• **Work required**: From the line holding "land cover: Shrubland with sparse tree cover" to the final line below, restate each line word for word and add nothing.

• **Source data**:
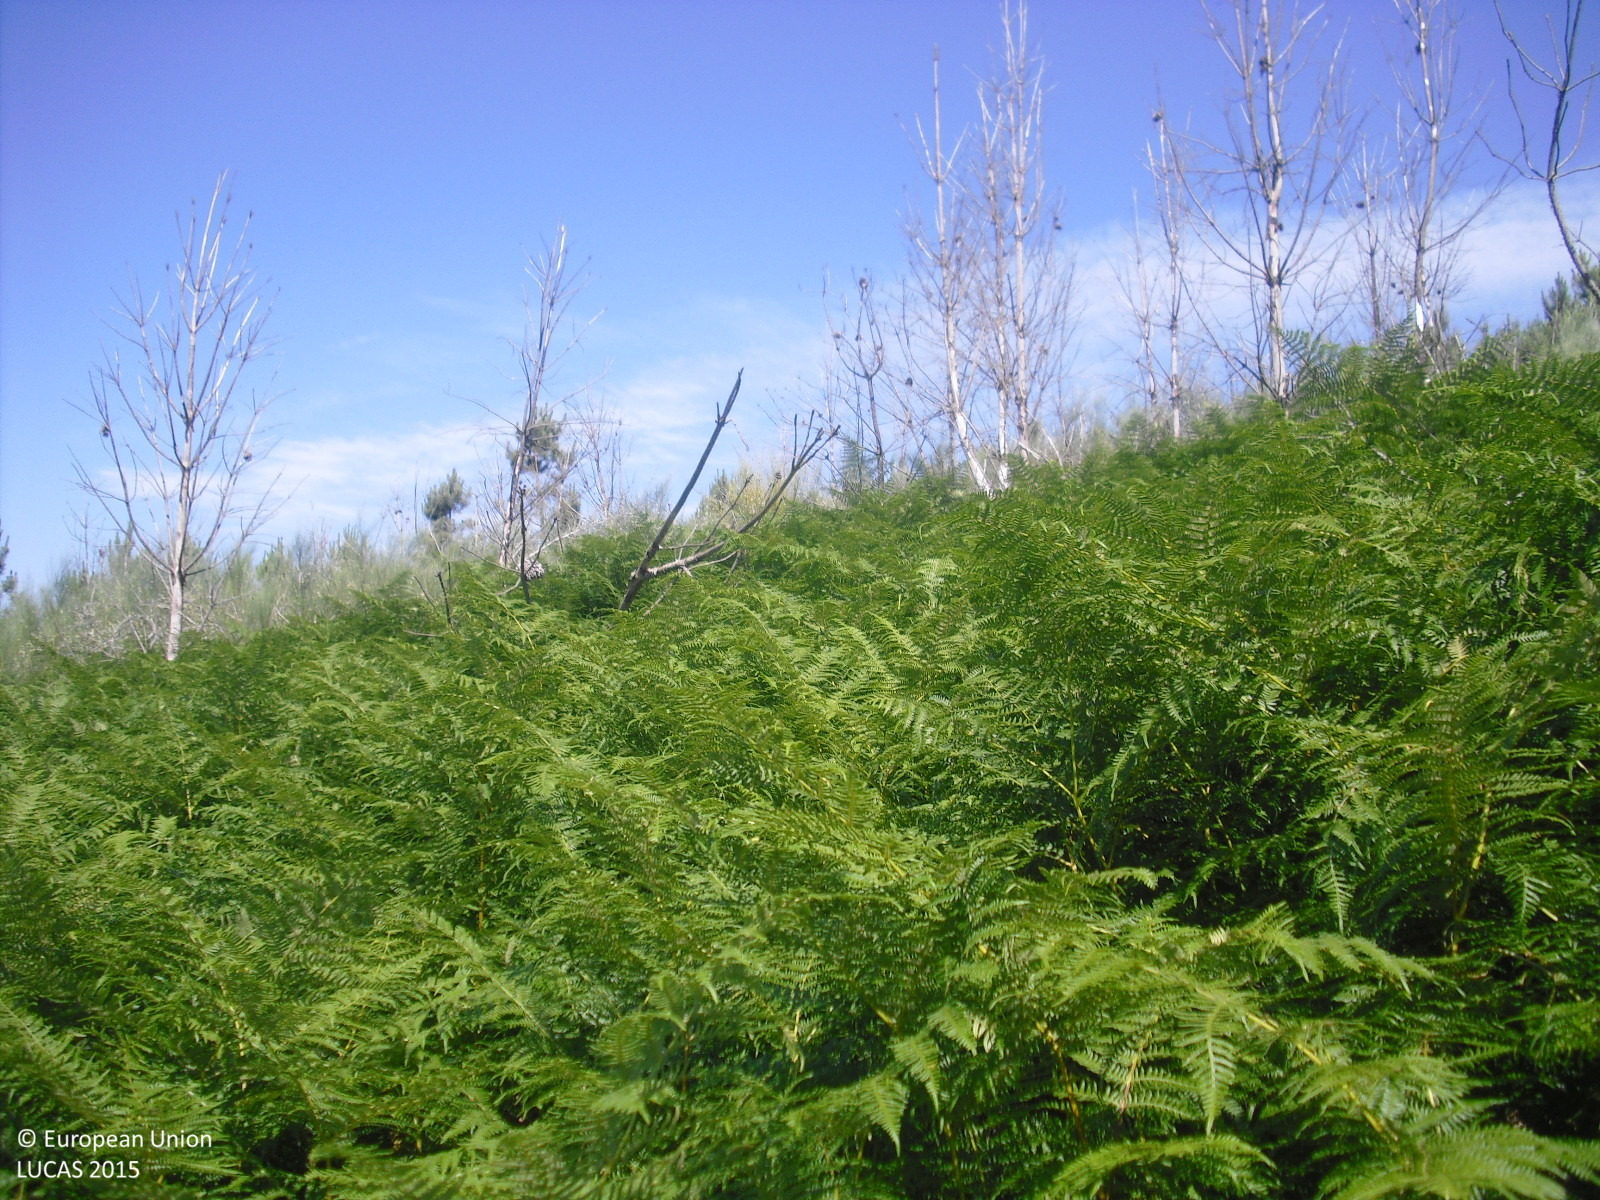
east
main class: Shrubland
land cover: Shrubland with sparse tree cover
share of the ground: > 75 %
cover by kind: shrubs 95 %, broadleaved forest trees 5 %
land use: Forestry
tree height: < 5 m
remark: Burnt area
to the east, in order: Shrubland with sparse tree cover; Pine dominated coniferous woodland; Pine dominated mixed woodland
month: July
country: ES
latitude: 42.6422
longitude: -7.5244

• **Written response**:
land cover: Shrubland with sparse tree cover
share of the ground: > 75 %
cover by kind: shrubs 95 %, broadleaved forest trees 5 %
land use: Forestry
tree height: < 5 m
remark: Burnt area
to the east, in order: Shrubland with sparse tree cover; Pine dominated coniferous woodland; Pine dominated mixed woodland
month: July
country: ES
latitude: 42.6422
longitude: -7.5244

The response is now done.